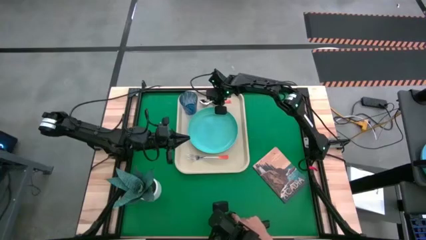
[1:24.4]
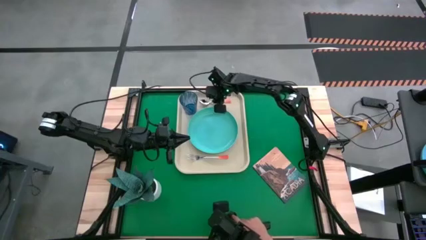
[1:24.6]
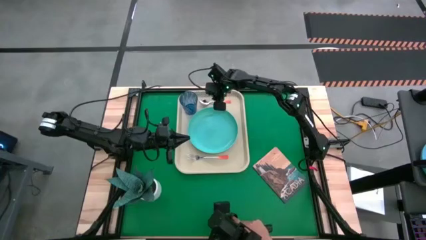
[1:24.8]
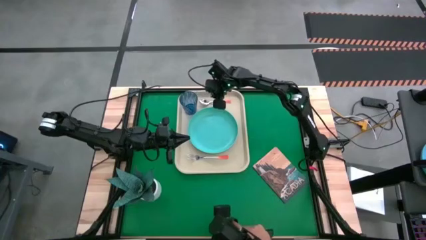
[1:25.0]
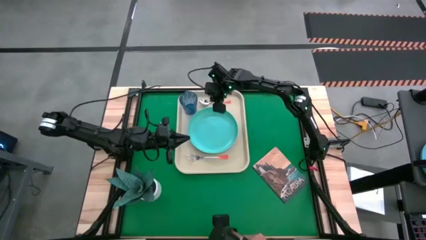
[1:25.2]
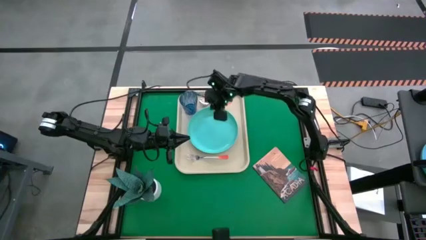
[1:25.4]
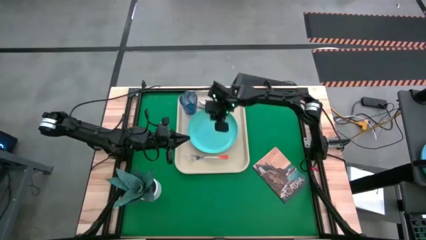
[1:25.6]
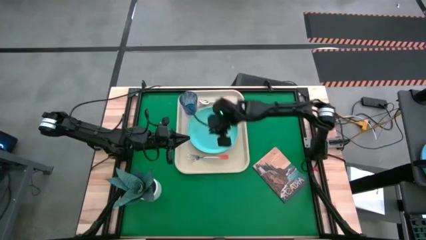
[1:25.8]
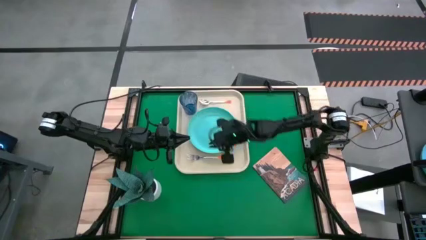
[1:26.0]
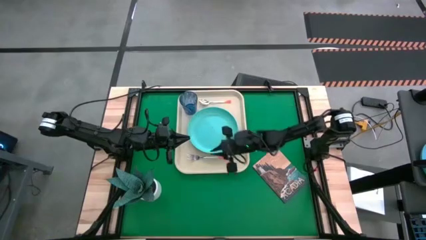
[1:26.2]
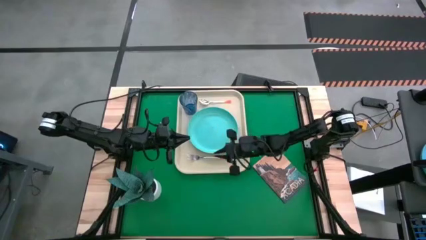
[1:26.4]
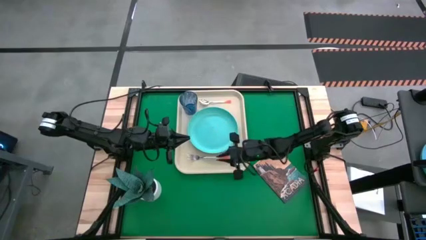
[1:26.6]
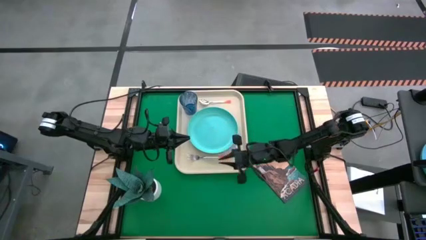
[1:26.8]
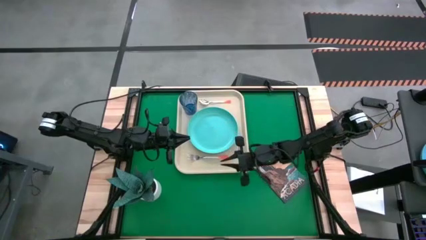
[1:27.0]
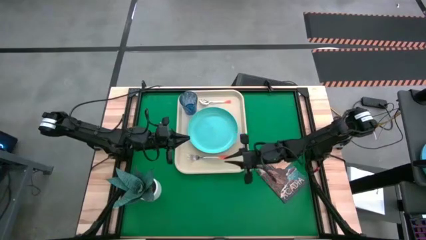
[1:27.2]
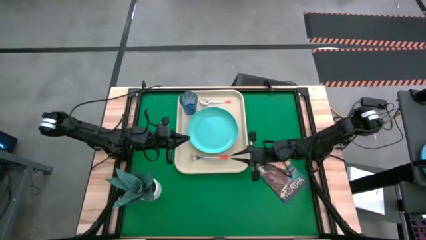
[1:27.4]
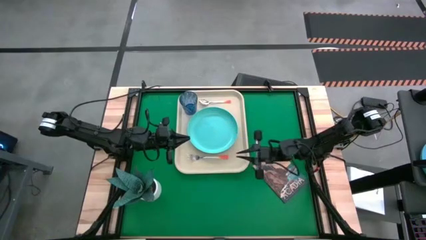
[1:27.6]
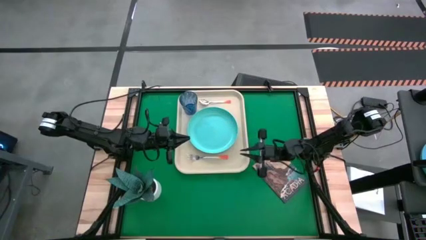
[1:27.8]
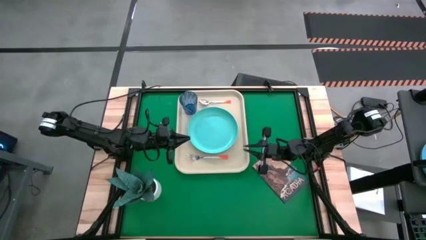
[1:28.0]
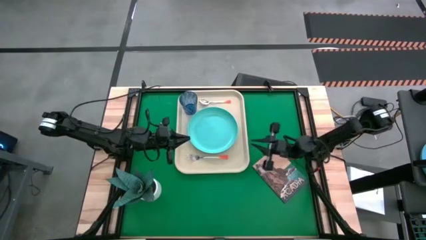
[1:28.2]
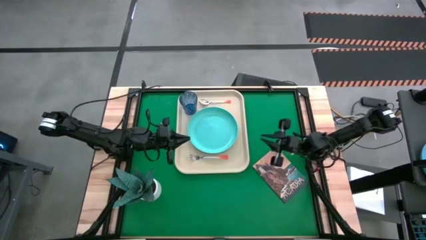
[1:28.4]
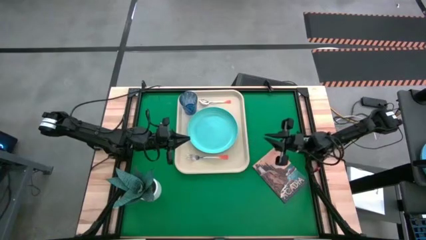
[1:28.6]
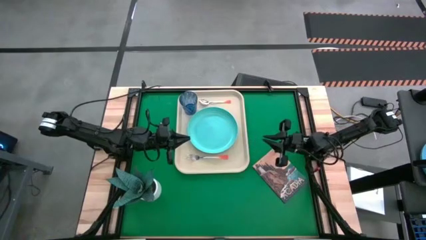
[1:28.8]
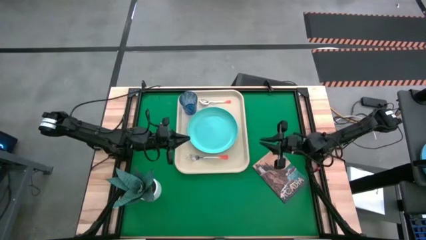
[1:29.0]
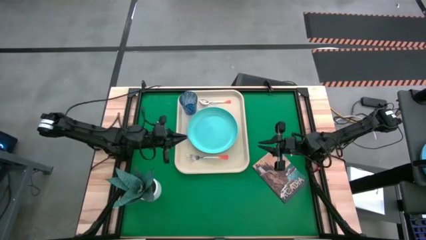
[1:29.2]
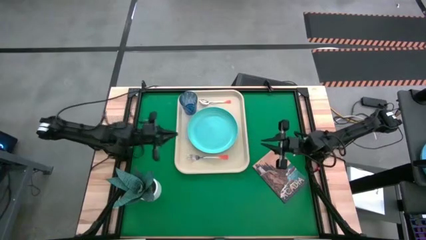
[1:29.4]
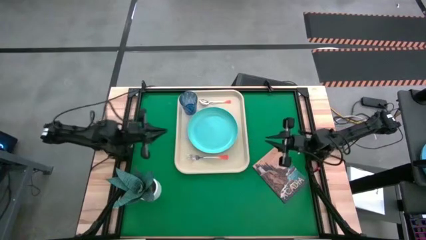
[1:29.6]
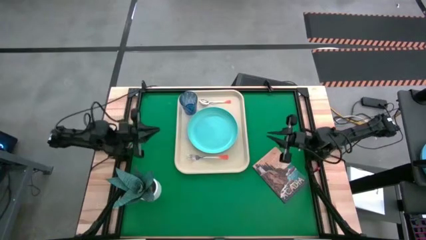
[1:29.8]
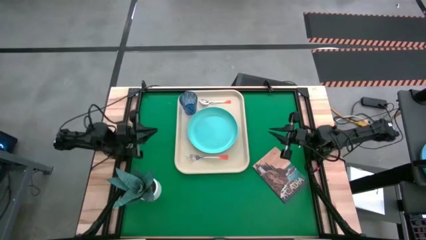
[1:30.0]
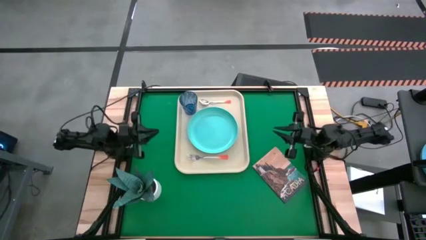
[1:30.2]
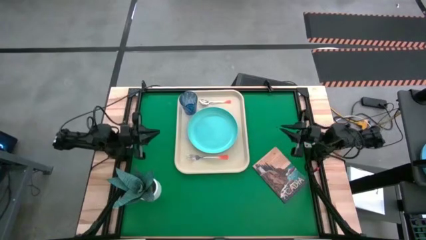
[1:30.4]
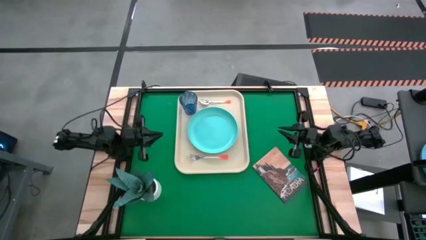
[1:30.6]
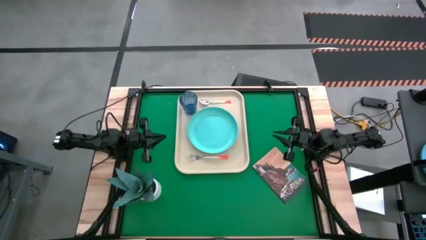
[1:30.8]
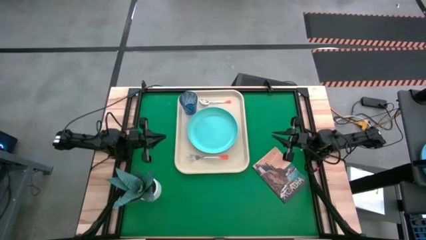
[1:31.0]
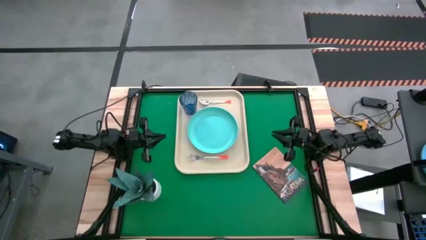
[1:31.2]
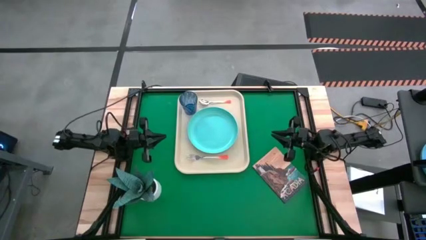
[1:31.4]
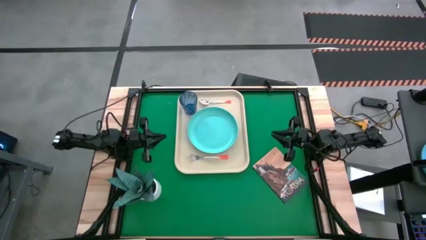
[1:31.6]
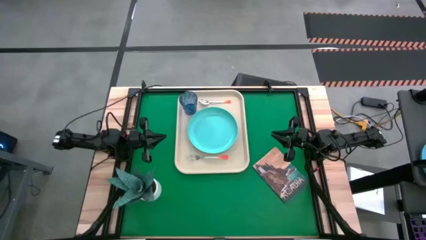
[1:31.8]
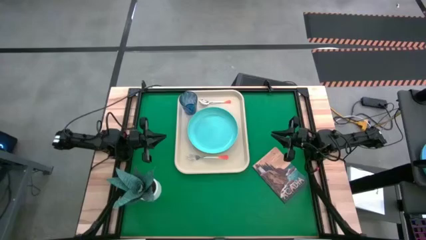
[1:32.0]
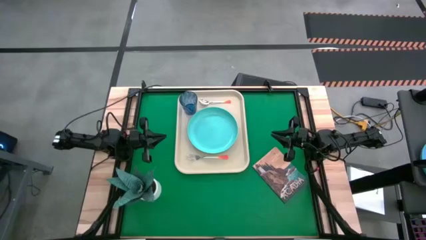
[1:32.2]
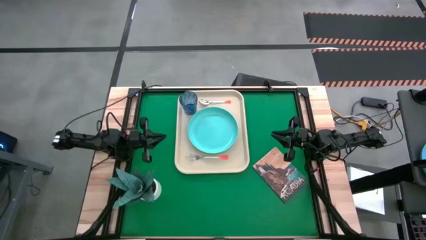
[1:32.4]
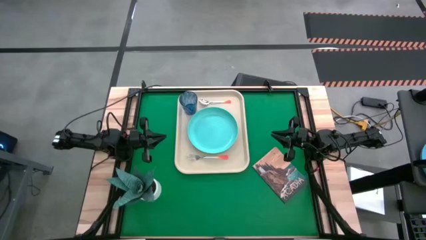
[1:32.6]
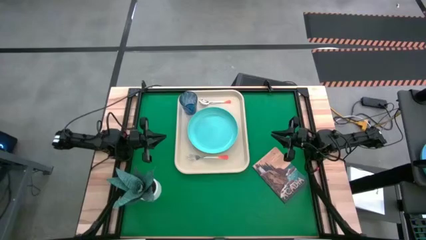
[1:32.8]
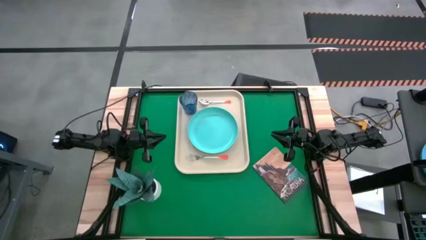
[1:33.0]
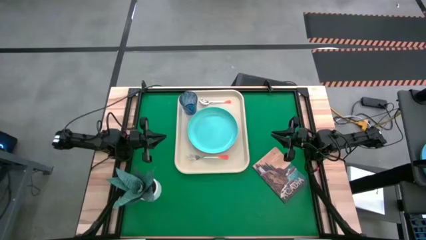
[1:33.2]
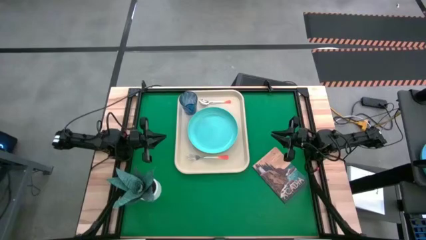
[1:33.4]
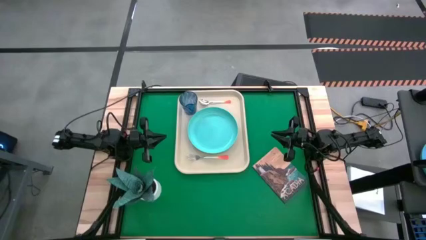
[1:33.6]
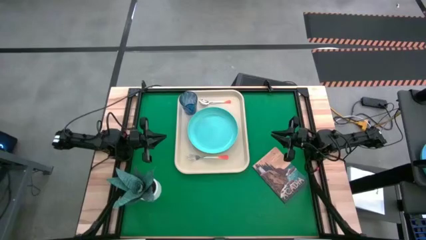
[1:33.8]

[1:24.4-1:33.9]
Task: Pick and place plate/cup/fork/spoon on tray
Return to Home Position

• • • • •

**WHAT IS REQUIRED**
Leaving out the pictures, output each line above exactly as it is.

**EXPECTED OUTPUT**
[1:24.4]
[1:24.6]
[1:24.8]
[1:25.0]
[1:25.2]
[1:25.4]
[1:25.6]
[1:25.8]
[1:26.0]
[1:26.2]
[1:26.4]
[1:26.6]
[1:26.8]
[1:27.0]
[1:27.2]
[1:27.4]
[1:27.6]
[1:27.8]
[1:28.0]
[1:28.2]
[1:28.4]
[1:28.6]
[1:28.8]
[1:29.0]
[1:29.2]
[1:29.4]
[1:29.6]
[1:29.8]
[1:30.0]
[1:30.2]
[1:30.4]
[1:30.6]
[1:30.8]
[1:31.0]
[1:31.2]
[1:31.4]
[1:31.6]
[1:31.8]
[1:32.0]
[1:32.2]
[1:32.4]
[1:32.6]
[1:32.8]
[1:33.0]
[1:33.2]
[1:33.4]
[1:33.6]
[1:33.8]

[1:24.4-1:33.9]
Task: Pick and place plate/cup/fork/spoon on tray
Return to Home Position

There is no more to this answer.